Navy preparing to seize seastead

Navy preparing to seize seastead

A navy team approaches the floating home formerly occupied by Chad Elwartowski and Supranee Thepdet off Phuket on Saturday. (Royal Thai Navy photo)
A navy team approaches the floating home formerly occupied by Chad Elwartowski and Supranee Thepdet off Phuket on Saturday. (Royal Thai Navy photo)

The Royal Thai Navy is preparing to seize the seastead of a fugitive American bitcoin trader and his Thai girlfriend in the Andaman Sea, saying maritime law is clearly on its side.

A navy task force was sent out on Saturday to tow the structure to shore where it would be handed over to Phuket police to be kept as an exhibit for legal action against its former occupants, the navy said in an official statement.

However, as of Saturday afternoon it was still studying how to move the structure without destroying it, Reuters reported.

Chad Elwartowski, 46, an American bitcoin investor, and Thai national Supranee Thepdet, who goes by the English name Nadia Summergirl, were found to have been living in the structure built 14 nautical miles (26km) off the coast of Phuket.

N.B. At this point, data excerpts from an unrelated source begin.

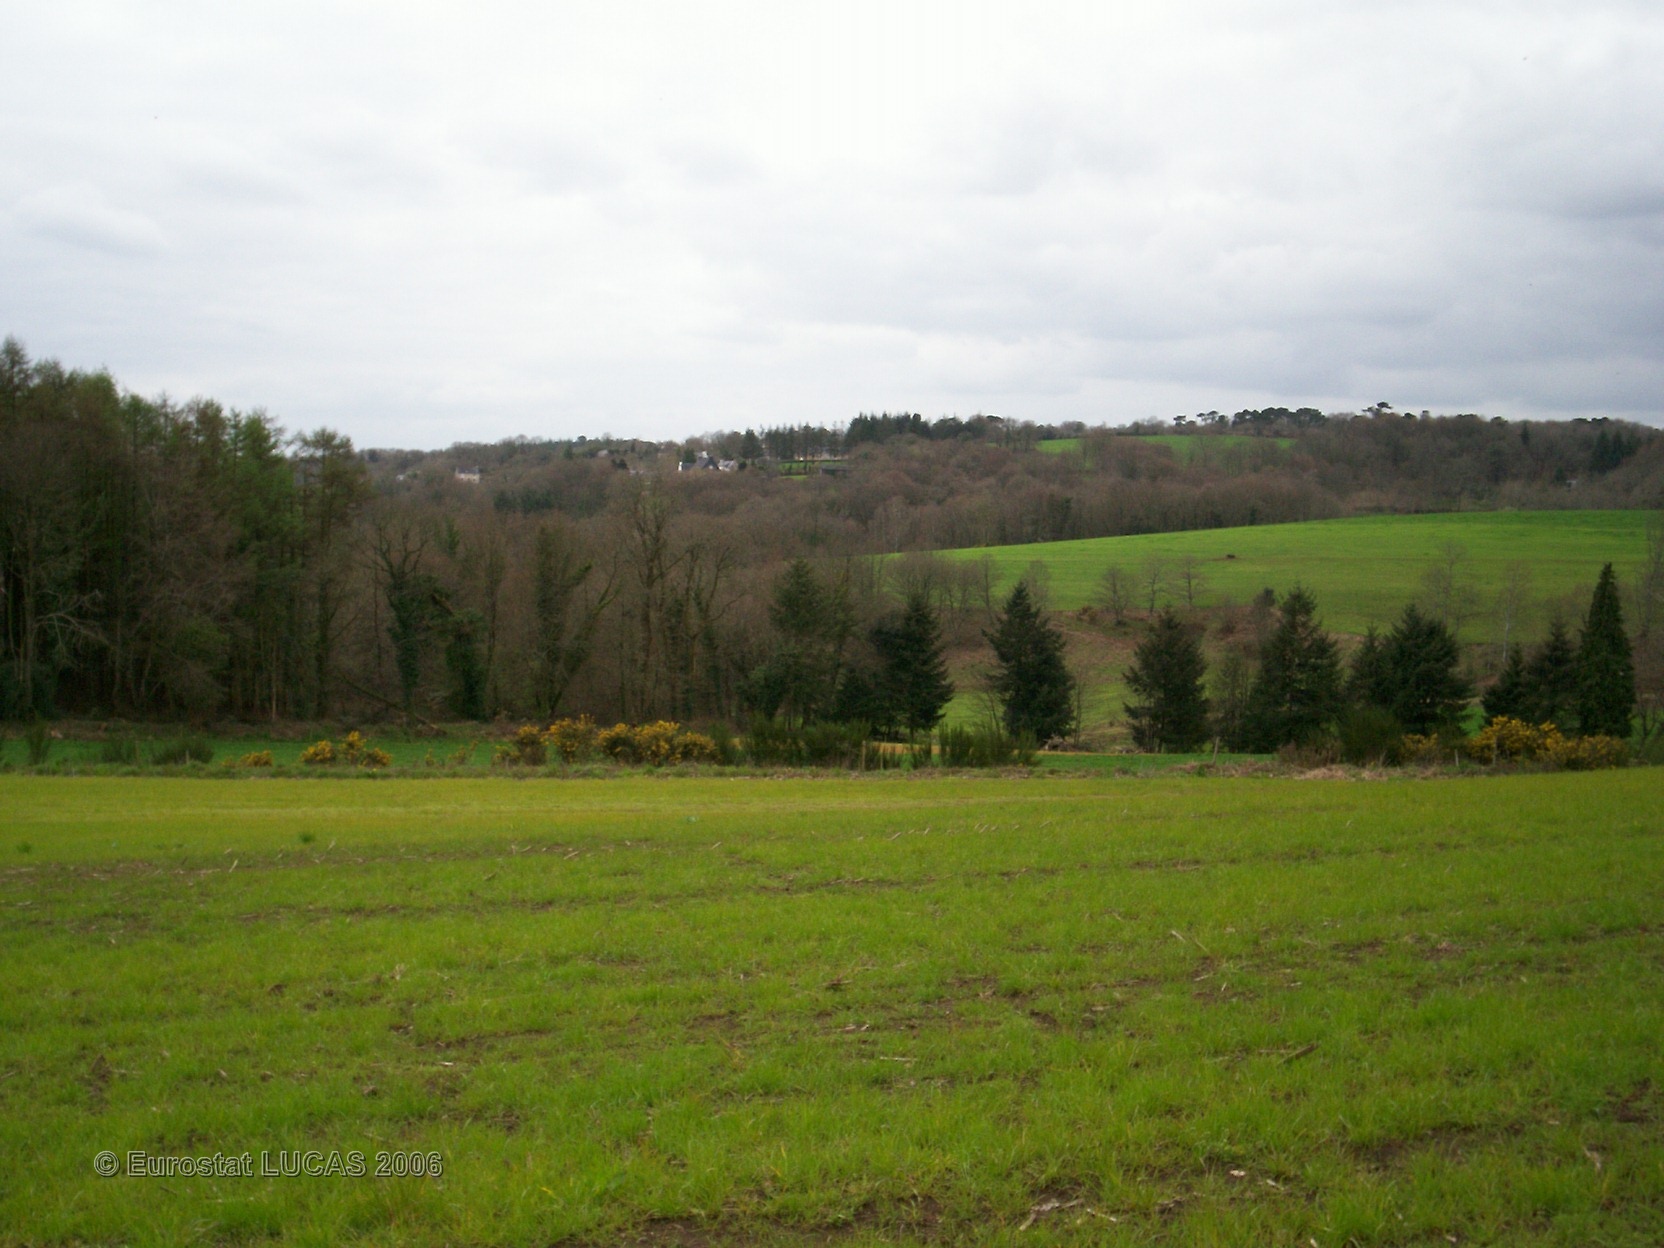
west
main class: Grassland
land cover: Grassland without tree/shrub cover
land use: Agriculture (excluding fallow land and kitchen gardens)
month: April
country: FR
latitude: 48.0027
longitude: -3.5478

They are libertarians who want to seek a place to live and set up a community in international waters free of any nation's laws

While the seastead lies beyond 12 nautical miles and is thus not in Thai territorial waters, it is in the country’s contiguous zone, which is considered part of the broader exclusive economic zone (EEZ). (continued below)

Source: “Law of the Sea: A Policy Primer”, The Fletcher School of Law and Diplomacy, Tufts University

The navy is acting based on Article 56, which outlines the jurisdiction of a coastal state over its EEZ under the United Nations Convention on the Law of the Sea (UNCLOS), Vice Adm Sitthiporn Maskasem, chief of the 3rd Naval area Command, told the Bangkok Post on Saturday.

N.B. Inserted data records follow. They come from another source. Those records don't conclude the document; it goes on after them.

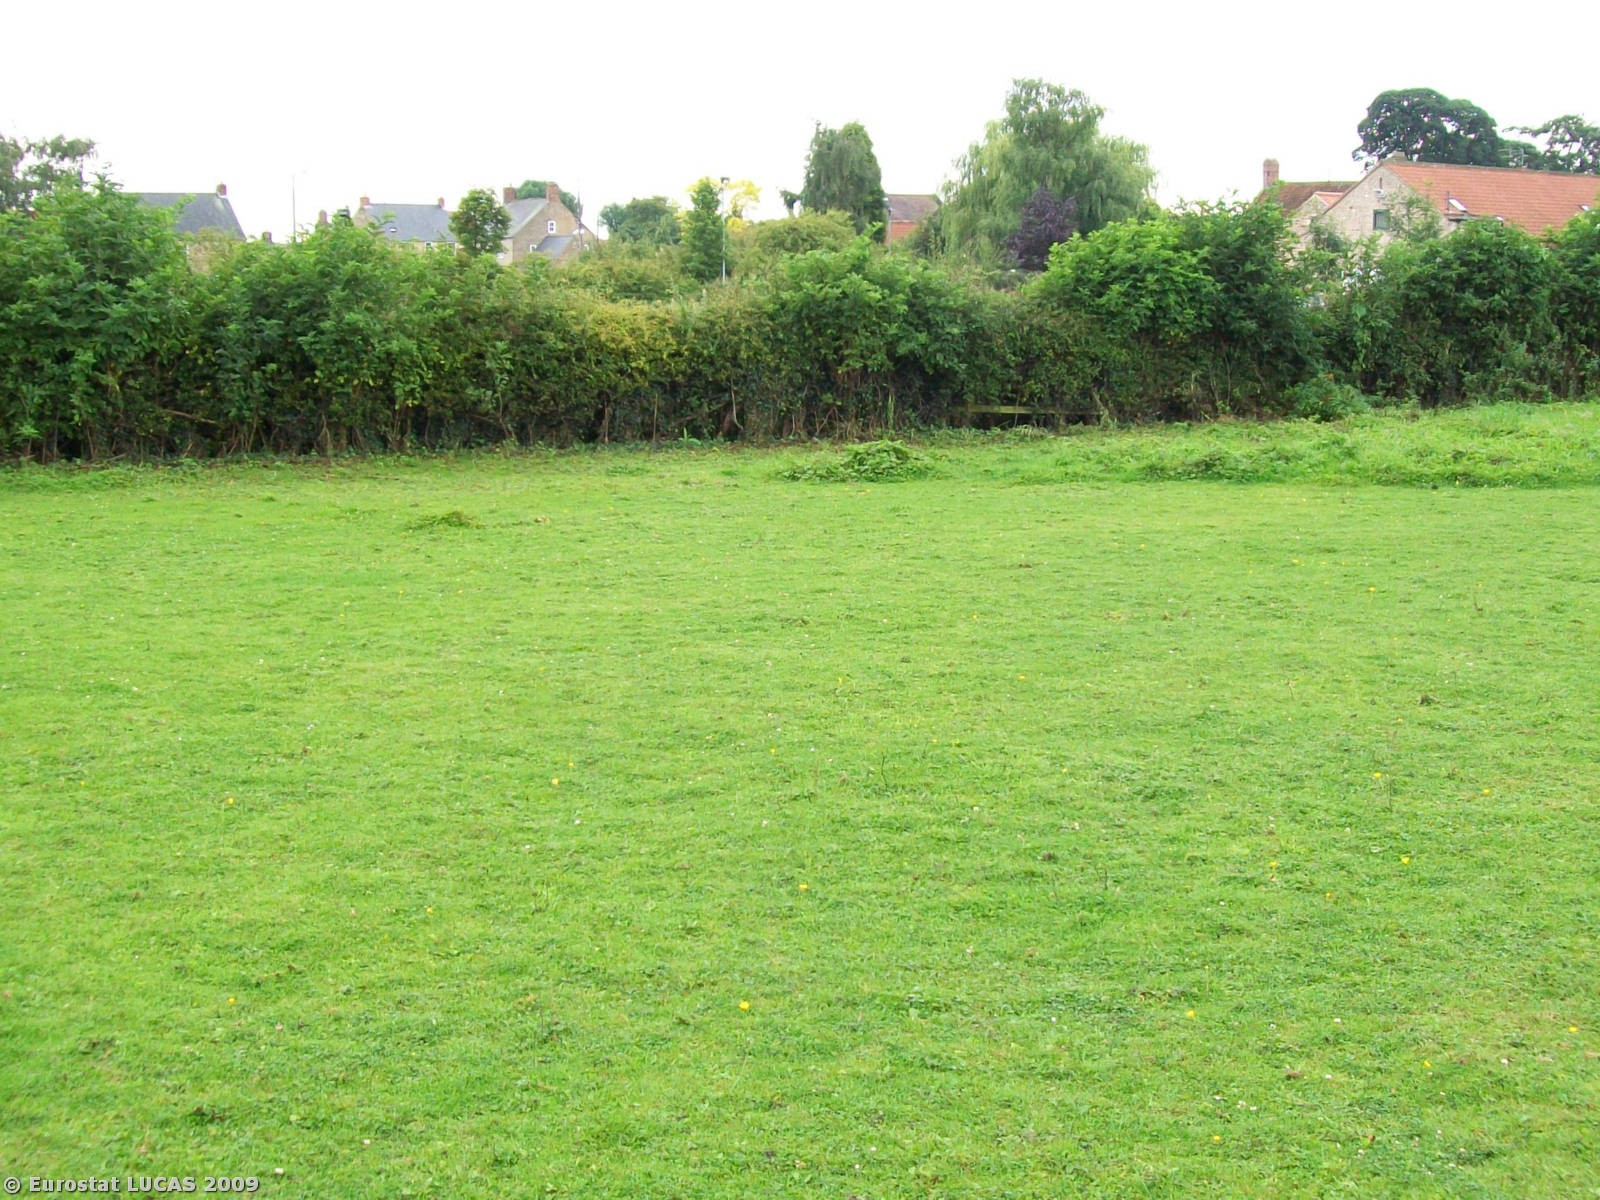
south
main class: Grassland
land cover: Grassland without tree/shrub cover
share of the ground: > 75 %
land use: Agriculture (excluding fallow land and kitchen gardens)
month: August
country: GB
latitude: 53.2904
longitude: -1.2834

The UNCLOS grants a state jurisdiction with regard to the establishment and use of structures.

Thailand also issued an announcement on its EEZ in 1981 with similar provisions, he said.

Earlier on Friday, the navy posted on Facebook that there was evidence the structure had been built on land belonging to Phuket Premier Boatyard Co Ltd in tambon Mai Khao of Talang district, on the resort island. It was then moved to the sea southeast of Koh Racha Yai.

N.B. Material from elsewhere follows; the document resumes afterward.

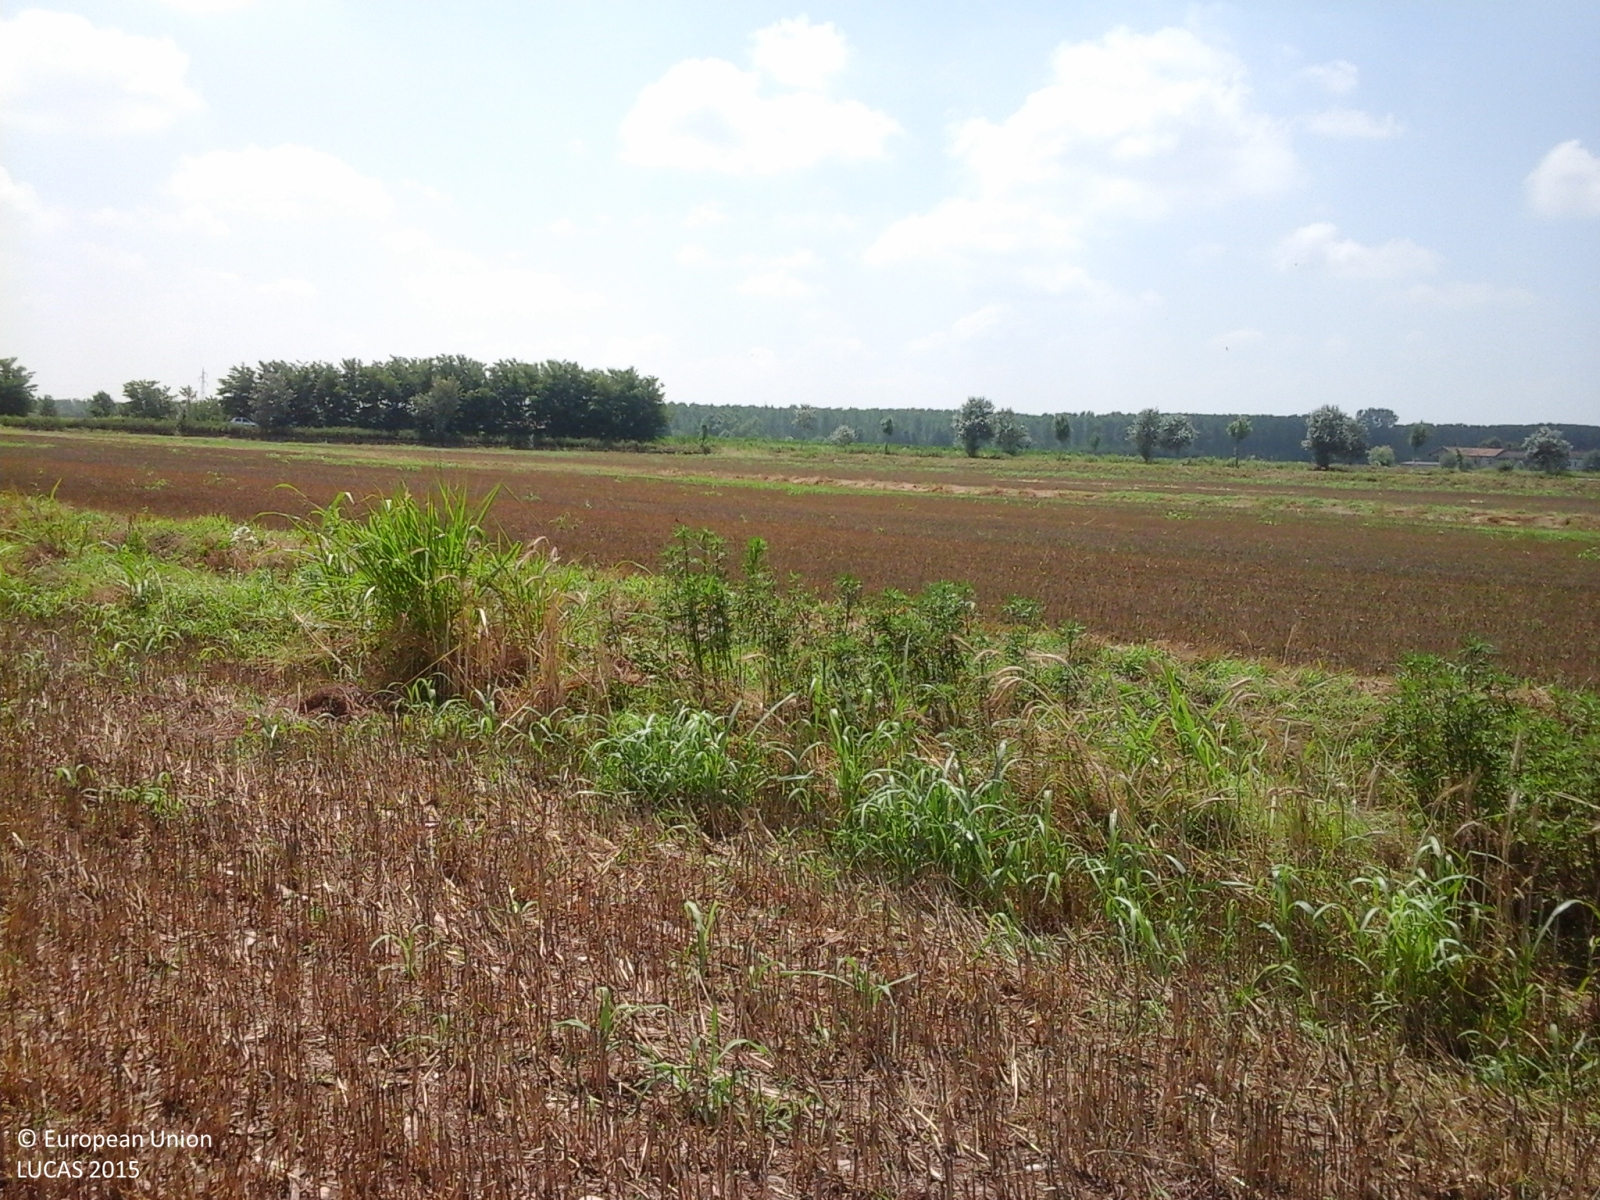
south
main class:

The navy filed charges on Monday against Mr Elwartowski of committing an act that puts part of the country under the sovereignty of a foreign state under Section 119 of the Criminal Code. The offence is punishable by life in prison or execution, which has given rise to a torrent of sensational headlines worldwide. 

As well, the navy asked the Phuket immigration office and the Foreign Ministry to revoke Mr Elwartowski’s visa and blacklist him. The provincial marine office has also warned fishing boats against approaching the structure as it has become evidence.

The navy also said it did not send anyone to follow or threaten the couple, as they had claimed in some foreign media reports. The pair are now believed to be in hiding somewhere in Thailand and looking for a way to get out of the country.

The US Embassy in Bangkok told Reuters that Mr Elwartowski had engaged a lawyer and was being provided with appropriate assistance.

Ocean Builders, a team of entrepreneurs that develops seasteading structures, posted on its blog on Friday that Mr Elwartowski’s structure was outside Thai territorial waters and was never intended to intrude into Thai territorial waters. It gave the coordinates of the structure as 7.487162, 98.581792

“It has been the official stance of Ocean Builders to be apolitical and we have no intention of creating an ‘independent state’ nor a ‘micro nation’”. The same is true for Chad and Nadia who are just a loving couple of two seasteading pioneers who want to live free on the seas, thereby respecting applicable regulations of UNCLOS and the rights of Thailand within the contiguous zone. The two of them present neither a danger to Thai sovereignty nor the shipping routes.”

It also claimed the seastead is so small (six metres wide) and not located near any known shipping route so there is no need to destroy, sink or remove it. “Any respective activity would be illegal. We are reserving all of our property rights on the seastead insofar”.

It also threatened to bring the case to the International Tribunal for the Law of the Sea for further clarification. 

However, the founder of The Seasteading Institute says the legal issues surrounding the practice are complex and not well understood.

“12nm [nautical miles] is not ‘the high seas,’” Patri Friedman wrote on Facebook. “It is the Contiguous Zone, where a state has many rights, several of which seem likely to pertain here. Do not listen to anyone who tells you that the high seas starts at 12nm; it means they haven’t even spent five minutes reading Wikipedia.”

Mr Friedman is one of seasteading’s leading proponents and previously led an aborted effort to create a libertarian city in Honduras, The Daily Beast reported.